We will train the model with CART (classification and regression tree) as we would like more interpretation on the model instead of predictive power. Here we will use cross validation to train the model, and instead of accuracy, we will also use ROC as the evaluation metric (the closer to 1 the better).

#Model training - CART
set.seed(3)
orig_fit <- train(Class~., data = training, 
                  method = "rpart",
                  metric = "ROC",
                  trControl = ctrl)

set.seed(4)
down_outside <- train(Class~., data = down_training, 
                      method = "rpart",
                      metric = "ROC",
                      trControl = ctrl)

set.seed(5)
up_outside <- train(Class~., data = up_training, 
                    method = "rpart",
                    metric = "ROC",
                    trControl = ctrl)

set.seed(6)
smote_outside <- train(Class~., data = smote_training, 
                       method = "rpart",
                       metric = "ROC",
                       trControl = ctrl)

set.seed(7)
rose_outside <- train(Class~., data = rose_training, 
                      method = "rpart",
                      metric = "ROC",
                      trControl = ctrl)

Model Evaluation

#Model testing - Original
original_model <- list(original = orig_fit)
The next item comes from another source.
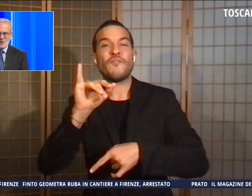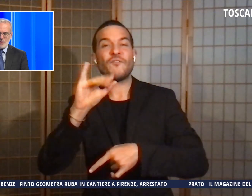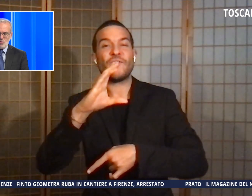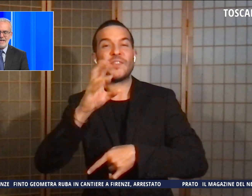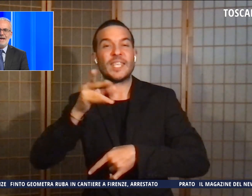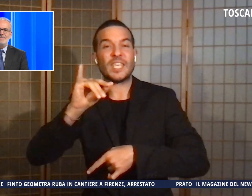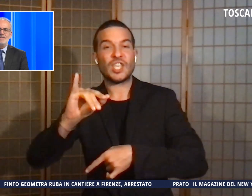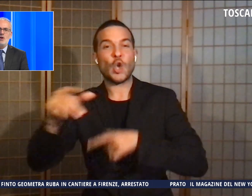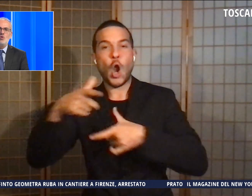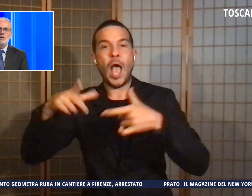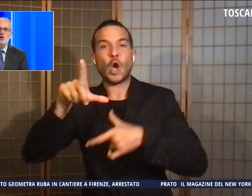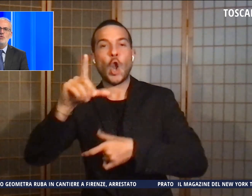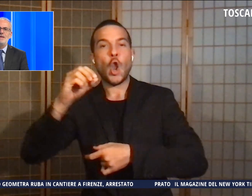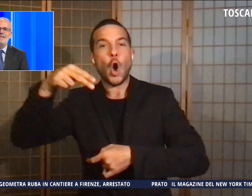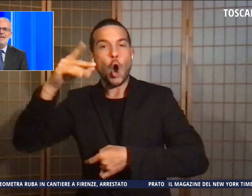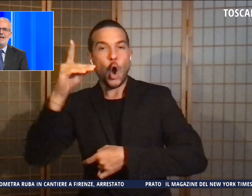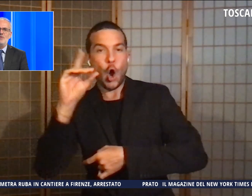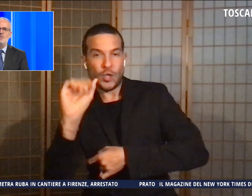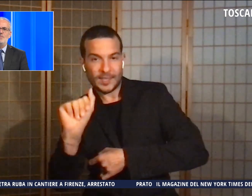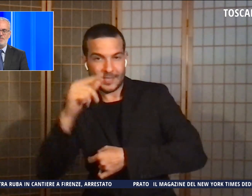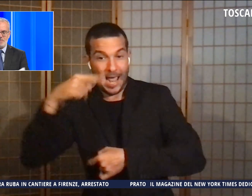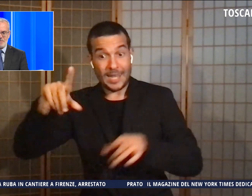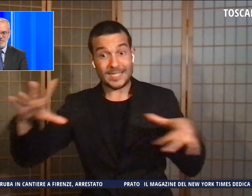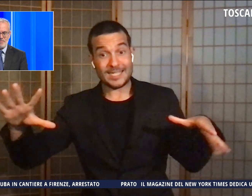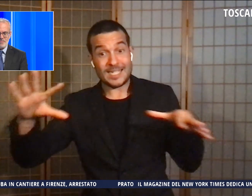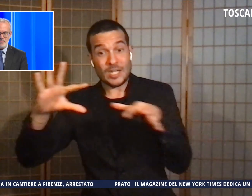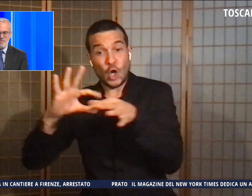Qui potrà collegarsi con la Ciclovia dell'Arno.

test_roc <- function(model, data) {
  library(pROC)
  roc_obj <- roc(data$Class, 
                 predict(model, data, type = "prob")[, "Yes"],
                 levels = c("No", "Yes"))
  ci(roc_obj)
}

original_test <- lapply(original_model, test_roc, data = testing)
original_test <- lapply(original_test, as.vector)
original_test <- do.call("rbind", original_test)
colnames(original_test) <- c("lower", "ROC", "upper")
original_test <- as.data.frame(original_test)

#Model testing - Resampled
scaled_models <- list(down = down_outside,
                      up = up_outside,
                      SMOTE = smote_outside,
                      ROSE = rose_outside)

scaled_test <- lapply(scaled_models, test_roc, data = scaled.testing)
scaled_test <- lapply(scaled_test, as.vector)
scaled_test <- do.call("rbind", scaled_test)
colnames(scaled_test) <- c("lower", "ROC", "upper")
scaled_test <- as.data.frame(scaled_test)

cart_test <- rbind(original_test,scaled_test)

After training the models on resampled data sets, we will examine the performance, in terms of ROC. It is observed that over-sampling (up) has the best performance, of mean ROC at 0.8078530.

cart_test

##              lower       ROC     upper
## original 0.7452805 0.7608143 0.7763481
## down     0.7932395 0.8065504 0.8198612
## up       0.7932395 0.8065504 0.8198612
## SMOTE    0.7508949 0.7639485 0.7770021
## ROSE     0.5791397 0.5912398 0.6033399

We will visualize and interpret the CART model. It is observed that indeed duration has the most impact on subscriptions.

fancyRpartPlot(up_outside$finalModel)

After converting the scaled duration back to original, we know the threshold call time is 473 seconds, or approximately 8 minutes. In other words, if a call lasts longer than 8 minutes, the chance of subscribing is at 84%. In addition, if a call is between 205 seconds and 473 seconds, and the contact method is unknown, then the chance of subscribing is 64%.